═══ Data for this exercise

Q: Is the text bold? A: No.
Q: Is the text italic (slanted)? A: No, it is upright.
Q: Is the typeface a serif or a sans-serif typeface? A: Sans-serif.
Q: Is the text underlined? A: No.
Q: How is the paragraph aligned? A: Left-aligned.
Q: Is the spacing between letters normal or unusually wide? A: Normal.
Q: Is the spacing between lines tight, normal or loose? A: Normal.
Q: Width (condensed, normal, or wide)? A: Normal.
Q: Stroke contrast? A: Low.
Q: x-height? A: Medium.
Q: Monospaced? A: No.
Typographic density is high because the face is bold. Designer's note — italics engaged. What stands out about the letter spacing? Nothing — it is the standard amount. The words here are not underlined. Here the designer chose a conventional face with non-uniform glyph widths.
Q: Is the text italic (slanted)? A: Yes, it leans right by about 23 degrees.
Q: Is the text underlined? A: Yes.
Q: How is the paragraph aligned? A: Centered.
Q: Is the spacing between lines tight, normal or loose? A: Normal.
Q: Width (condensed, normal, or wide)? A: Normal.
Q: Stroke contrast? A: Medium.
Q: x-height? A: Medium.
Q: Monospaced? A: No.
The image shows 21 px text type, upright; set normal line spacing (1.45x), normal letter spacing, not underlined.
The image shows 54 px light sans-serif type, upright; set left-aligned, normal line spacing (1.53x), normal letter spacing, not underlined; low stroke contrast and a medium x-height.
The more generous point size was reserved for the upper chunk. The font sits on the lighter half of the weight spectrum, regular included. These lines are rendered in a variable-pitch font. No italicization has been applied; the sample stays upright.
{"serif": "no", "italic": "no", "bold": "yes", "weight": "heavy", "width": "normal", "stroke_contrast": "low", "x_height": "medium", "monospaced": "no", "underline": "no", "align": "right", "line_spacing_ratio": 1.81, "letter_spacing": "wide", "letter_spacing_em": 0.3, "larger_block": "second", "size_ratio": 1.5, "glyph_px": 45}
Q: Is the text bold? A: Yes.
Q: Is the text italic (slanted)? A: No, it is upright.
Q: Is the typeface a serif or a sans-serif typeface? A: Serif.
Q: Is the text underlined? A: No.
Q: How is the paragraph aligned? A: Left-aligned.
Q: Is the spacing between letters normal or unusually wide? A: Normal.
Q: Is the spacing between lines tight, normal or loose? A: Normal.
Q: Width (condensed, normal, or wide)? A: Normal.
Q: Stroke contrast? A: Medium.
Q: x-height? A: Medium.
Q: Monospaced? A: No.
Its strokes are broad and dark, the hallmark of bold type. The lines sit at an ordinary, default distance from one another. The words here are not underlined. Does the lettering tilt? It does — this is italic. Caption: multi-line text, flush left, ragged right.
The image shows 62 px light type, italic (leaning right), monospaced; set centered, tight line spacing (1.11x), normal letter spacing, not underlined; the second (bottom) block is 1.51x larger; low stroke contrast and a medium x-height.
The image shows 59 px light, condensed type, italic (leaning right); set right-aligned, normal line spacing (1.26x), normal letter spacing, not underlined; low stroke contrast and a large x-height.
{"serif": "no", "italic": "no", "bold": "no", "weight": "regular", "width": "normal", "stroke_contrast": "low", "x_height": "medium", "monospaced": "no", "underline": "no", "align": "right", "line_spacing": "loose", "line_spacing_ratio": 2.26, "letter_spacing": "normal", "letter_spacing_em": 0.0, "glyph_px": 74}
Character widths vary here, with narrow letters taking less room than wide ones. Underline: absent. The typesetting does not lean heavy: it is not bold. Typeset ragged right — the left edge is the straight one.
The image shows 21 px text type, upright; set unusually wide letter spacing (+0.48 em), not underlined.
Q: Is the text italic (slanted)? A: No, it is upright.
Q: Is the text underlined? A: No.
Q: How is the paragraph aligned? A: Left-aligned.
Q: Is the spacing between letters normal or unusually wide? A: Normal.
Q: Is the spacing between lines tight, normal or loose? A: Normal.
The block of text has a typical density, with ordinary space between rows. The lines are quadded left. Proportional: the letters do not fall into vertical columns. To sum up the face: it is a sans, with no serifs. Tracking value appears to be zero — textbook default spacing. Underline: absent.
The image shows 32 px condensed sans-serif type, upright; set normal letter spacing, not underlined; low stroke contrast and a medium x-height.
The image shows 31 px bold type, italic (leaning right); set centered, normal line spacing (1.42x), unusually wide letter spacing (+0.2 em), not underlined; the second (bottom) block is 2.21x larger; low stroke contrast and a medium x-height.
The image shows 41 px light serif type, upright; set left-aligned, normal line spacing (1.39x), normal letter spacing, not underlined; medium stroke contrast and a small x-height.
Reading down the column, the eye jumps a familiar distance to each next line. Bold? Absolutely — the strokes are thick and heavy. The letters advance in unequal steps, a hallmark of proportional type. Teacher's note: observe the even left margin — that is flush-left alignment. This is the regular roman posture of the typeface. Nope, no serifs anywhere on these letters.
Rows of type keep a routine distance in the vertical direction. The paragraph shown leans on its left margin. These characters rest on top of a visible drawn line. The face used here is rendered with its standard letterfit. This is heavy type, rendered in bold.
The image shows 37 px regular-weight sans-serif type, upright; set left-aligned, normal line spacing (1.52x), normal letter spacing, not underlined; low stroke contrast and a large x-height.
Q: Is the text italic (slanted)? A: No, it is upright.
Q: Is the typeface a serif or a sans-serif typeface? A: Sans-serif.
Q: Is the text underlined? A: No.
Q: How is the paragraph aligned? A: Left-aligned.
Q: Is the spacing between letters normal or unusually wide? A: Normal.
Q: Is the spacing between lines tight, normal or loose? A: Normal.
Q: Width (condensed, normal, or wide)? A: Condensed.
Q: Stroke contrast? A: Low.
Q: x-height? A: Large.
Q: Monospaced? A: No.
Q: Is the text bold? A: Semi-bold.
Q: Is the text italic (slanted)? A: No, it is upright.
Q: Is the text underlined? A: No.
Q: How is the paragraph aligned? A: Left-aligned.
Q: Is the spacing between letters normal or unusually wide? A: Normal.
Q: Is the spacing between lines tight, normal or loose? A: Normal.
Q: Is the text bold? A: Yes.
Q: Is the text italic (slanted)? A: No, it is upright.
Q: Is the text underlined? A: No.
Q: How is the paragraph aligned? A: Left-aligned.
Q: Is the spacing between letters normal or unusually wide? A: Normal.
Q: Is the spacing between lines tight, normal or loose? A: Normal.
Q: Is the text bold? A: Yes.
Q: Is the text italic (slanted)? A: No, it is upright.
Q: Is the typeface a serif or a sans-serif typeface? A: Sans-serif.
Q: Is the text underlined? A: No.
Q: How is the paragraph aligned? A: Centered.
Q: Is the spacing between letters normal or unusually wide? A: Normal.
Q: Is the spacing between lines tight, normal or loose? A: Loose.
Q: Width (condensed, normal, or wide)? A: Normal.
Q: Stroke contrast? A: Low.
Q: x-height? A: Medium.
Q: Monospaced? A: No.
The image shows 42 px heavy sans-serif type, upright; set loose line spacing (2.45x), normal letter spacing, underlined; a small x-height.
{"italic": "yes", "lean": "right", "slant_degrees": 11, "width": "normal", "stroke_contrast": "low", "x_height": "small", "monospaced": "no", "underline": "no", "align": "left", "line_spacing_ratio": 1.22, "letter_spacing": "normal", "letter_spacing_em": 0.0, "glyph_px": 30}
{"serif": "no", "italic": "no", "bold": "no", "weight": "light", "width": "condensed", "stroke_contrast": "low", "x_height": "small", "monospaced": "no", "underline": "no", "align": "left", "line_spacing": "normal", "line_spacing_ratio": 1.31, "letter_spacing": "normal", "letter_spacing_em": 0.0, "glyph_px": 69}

══════

Activity: Find the string "density" in the entries above. Copy each line where it occurs.

Task answer:
Typographic density is high because the face is bold. Designer's note — italics engaged. What stands out about the letter spacing? Nothing — it is the standard amount. The words here are not underlined. Here the designer chose a conventional face with non-uniform glyph widths.
The block of text has a typical density, with ordinary space between rows. The lines are quadded left. Proportional: the letters do not fall into vertical columns. To sum up the face: it is a sans, with no serifs. Tracking value appears to be zero — textbook default spacing. Underline: absent.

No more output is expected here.